### What the task requires
What you return should match the material below line for line, except that no image appears in it.

### Data to examine
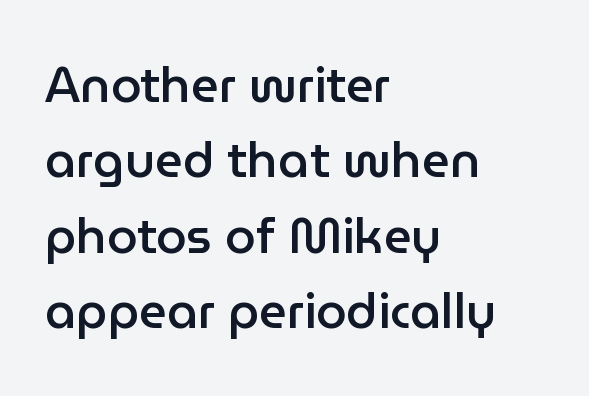
{"serif": "no", "italic": "no", "bold": "semi", "weight": "semibold", "width": "normal", "stroke_contrast": "low", "x_height": "medium", "monospaced": "no", "underline": "no", "align": "left", "line_spacing": "normal", "line_spacing_ratio": 1.54, "letter_spacing": "normal", "letter_spacing_em": 0.0, "glyph_px": 49}
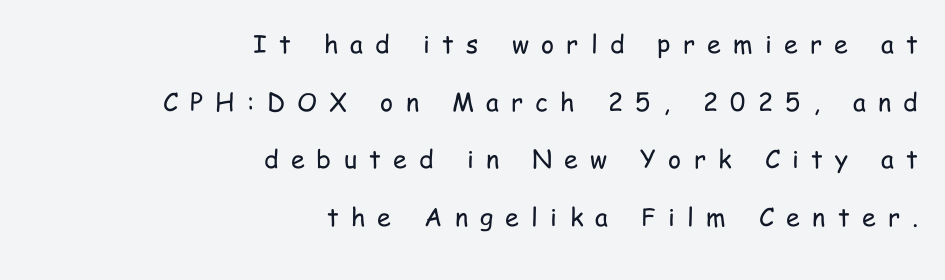
The image shows 25 px text type, upright; set right-aligned, loose line spacing (2.31x), unusually wide letter spacing (+0.49 em), not underlined.
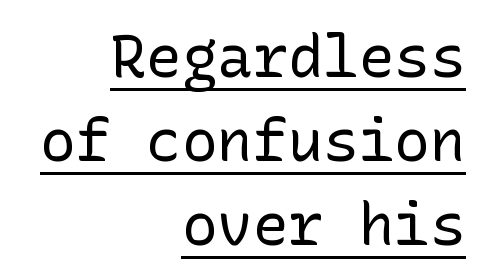
The typeface chosen for these lines omits serifs. The weight would be labelled regular, book, light, or lighter still. The block of text has a typical density, with ordinary space between rows. Leftover space on each line is placed entirely before the opening word.
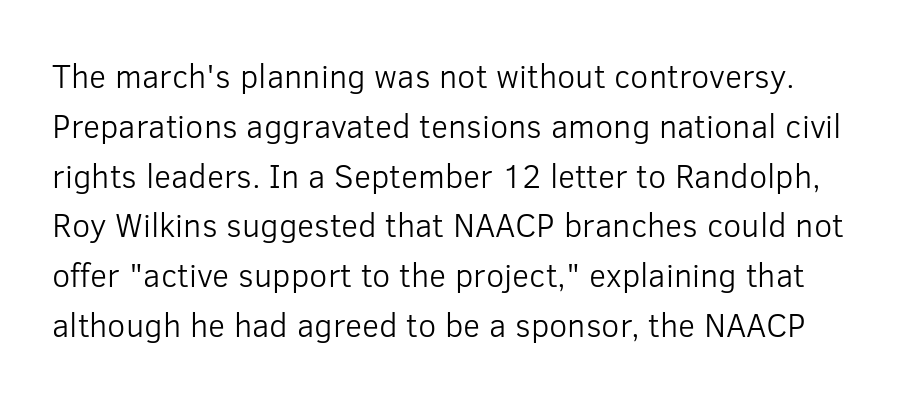
{"serif": "no", "italic": "no", "bold": "no", "weight": "light", "width": "normal", "stroke_contrast": "low", "x_height": "medium", "monospaced": "no", "underline": "no", "line_spacing": "normal", "line_spacing_ratio": 1.51, "letter_spacing": "normal", "letter_spacing_em": 0.0, "glyph_px": 33}
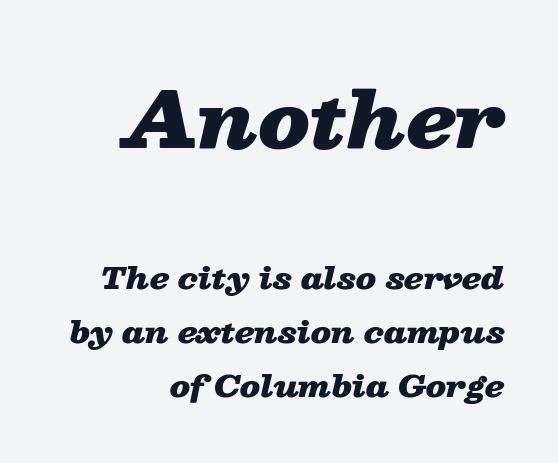
The image shows 76 px heavy, wide type, italic (leaning right); set right-aligned, line spacing 1.8x, normal letter spacing, not underlined; the first (top) block is 2.53x larger; low stroke contrast and a medium x-height.
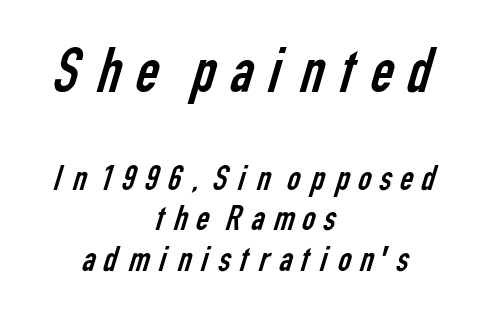
Q: Is the text bold? A: No.
Q: Is the typeface a serif or a sans-serif typeface? A: Sans-serif.
Q: Is the text underlined? A: No.
Q: How is the paragraph aligned? A: Centered.
Q: Is the spacing between lines tight, normal or loose? A: Tight.
Q: Which block of text is set in a larger size, the first (top) or the second (bottom)? A: The first (top) one.
Q: Width (condensed, normal, or wide)? A: Condensed.
Q: Stroke contrast? A: Low.
Q: x-height? A: Medium.
Q: Monospaced? A: No.
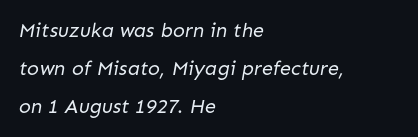
Q: Is the text bold? A: No.
Q: Is the text underlined? A: No.
Q: How is the paragraph aligned? A: Left-aligned.
Q: Is the spacing between letters normal or unusually wide? A: Normal.
Q: Is the spacing between lines tight, normal or loose? A: Loose.
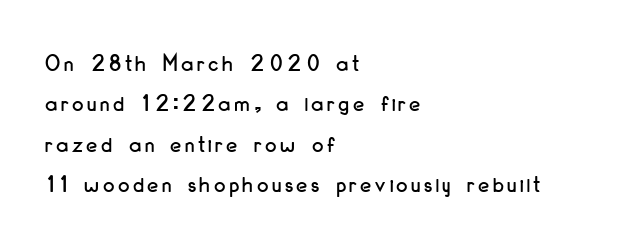
{"italic": "no", "underline": "no", "align": "left", "line_spacing": "normal", "line_spacing_ratio": 1.62, "glyph_px": 25}
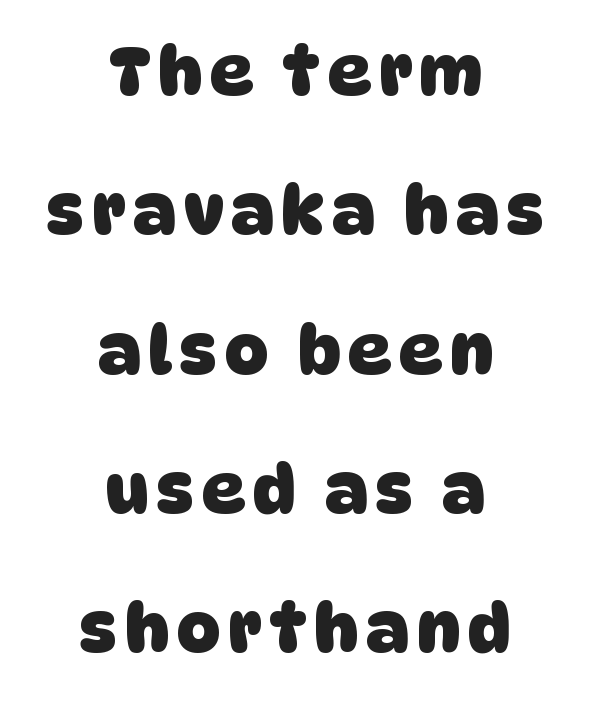
{"serif": "no", "bold": "yes", "weight": "heavy", "width": "normal", "stroke_contrast": "low", "x_height": "large", "monospaced": "no", "underline": "no", "align": "center", "line_spacing": "loose", "line_spacing_ratio": 2.08, "glyph_px": 67}
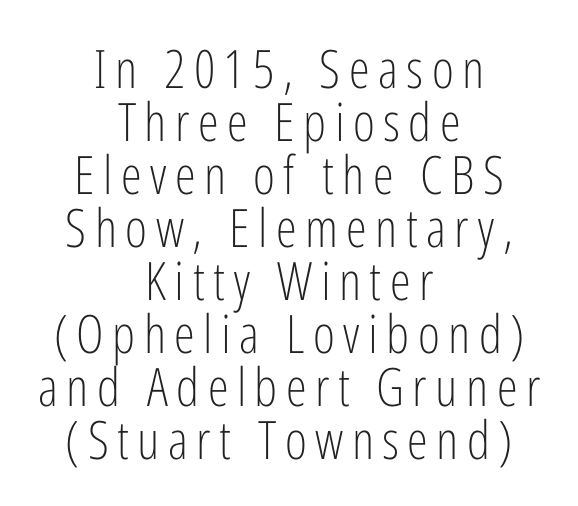
Q: Is the text bold? A: No.
Q: Is the text italic (slanted)? A: No, it is upright.
Q: Is the typeface a serif or a sans-serif typeface? A: Sans-serif.
Q: Is the text underlined? A: No.
Q: How is the paragraph aligned? A: Centered.
Q: Is the spacing between lines tight, normal or loose? A: Tight.
Q: Width (condensed, normal, or wide)? A: Condensed.
Q: Stroke contrast? A: Low.
Q: x-height? A: Medium.
Q: Monospaced? A: No.
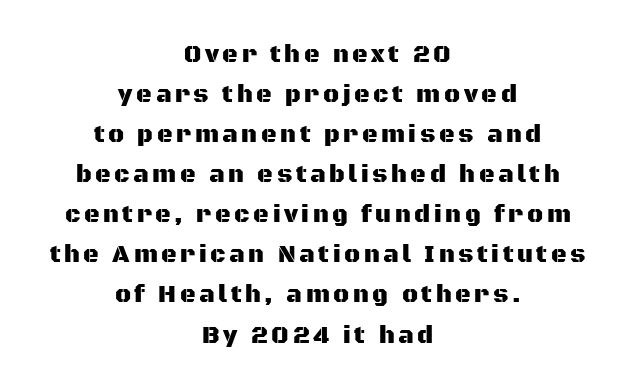
The image shows 24 px text type, upright; set centered, normal line spacing (1.67x), not underlined.
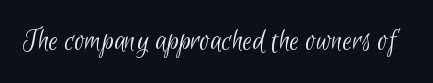
Q: Is the text bold? A: No.
Q: Is the typeface a serif or a sans-serif typeface? A: Sans-serif.
Q: Is the text underlined? A: No.
Q: Is the spacing between letters normal or unusually wide? A: Normal.
Q: Width (condensed, normal, or wide)? A: Condensed.
Q: Stroke contrast? A: Low.
Q: x-height? A: Small.
Q: Monospaced? A: No.

### Exercise solution
{"serif": "no", "italic": "no", "bold": "semi", "weight": "semibold", "width": "normal", "stroke_contrast": "low", "x_height": "medium", "monospaced": "no", "underline": "no", "align": "left", "line_spacing": "normal", "line_spacing_ratio": 1.54, "letter_spacing": "normal", "letter_spacing_em": 0.0, "glyph_px": 49}
The image shows 25 px text type, upright; set right-aligned, loose line spacing (2.31x), unusually wide letter spacing (+0.49 em), not underlined.
The typeface chosen for these lines omits serifs. The weight would be labelled regular, book, light, or lighter still. The block of text has a typical density, with ordinary space between rows. Leftover space on each line is placed entirely before the opening word.
{"serif": "no", "italic": "no", "bold": "no", "weight": "light", "width": "normal", "stroke_contrast": "low", "x_height": "medium", "monospaced": "no", "underline": "no", "line_spacing": "normal", "line_spacing_ratio": 1.51, "letter_spacing": "normal", "letter_spacing_em": 0.0, "glyph_px": 33}
The image shows 76 px heavy, wide type, italic (leaning right); set right-aligned, line spacing 1.8x, normal letter spacing, not underlined; the first (top) block is 2.53x larger; low stroke contrast and a medium x-height.
Q: Is the text bold? A: No.
Q: Is the typeface a serif or a sans-serif typeface? A: Sans-serif.
Q: Is the text underlined? A: No.
Q: How is the paragraph aligned? A: Centered.
Q: Is the spacing between lines tight, normal or loose? A: Tight.
Q: Which block of text is set in a larger size, the first (top) or the second (bottom)? A: The first (top) one.
Q: Width (condensed, normal, or wide)? A: Condensed.
Q: Stroke contrast? A: Low.
Q: x-height? A: Medium.
Q: Monospaced? A: No.
Q: Is the text bold? A: No.
Q: Is the text underlined? A: No.
Q: How is the paragraph aligned? A: Left-aligned.
Q: Is the spacing between letters normal or unusually wide? A: Normal.
Q: Is the spacing between lines tight, normal or loose? A: Loose.
{"italic": "no", "underline": "no", "align": "left", "line_spacing": "normal", "line_spacing_ratio": 1.62, "glyph_px": 25}
{"serif": "no", "bold": "yes", "weight": "heavy", "width": "normal", "stroke_contrast": "low", "x_height": "large", "monospaced": "no", "underline": "no", "align": "center", "line_spacing": "loose", "line_spacing_ratio": 2.08, "glyph_px": 67}
Q: Is the text bold? A: No.
Q: Is the text italic (slanted)? A: No, it is upright.
Q: Is the typeface a serif or a sans-serif typeface? A: Sans-serif.
Q: Is the text underlined? A: No.
Q: How is the paragraph aligned? A: Centered.
Q: Is the spacing between lines tight, normal or loose? A: Tight.
Q: Width (condensed, normal, or wide)? A: Condensed.
Q: Stroke contrast? A: Low.
Q: x-height? A: Medium.
Q: Monospaced? A: No.
The image shows 24 px text type, upright; set centered, normal line spacing (1.67x), not underlined.
Q: Is the text bold? A: No.
Q: Is the typeface a serif or a sans-serif typeface? A: Sans-serif.
Q: Is the text underlined? A: No.
Q: Is the spacing between letters normal or unusually wide? A: Normal.
Q: Width (condensed, normal, or wide)? A: Condensed.
Q: Stroke contrast? A: Low.
Q: x-height? A: Small.
Q: Monospaced? A: No.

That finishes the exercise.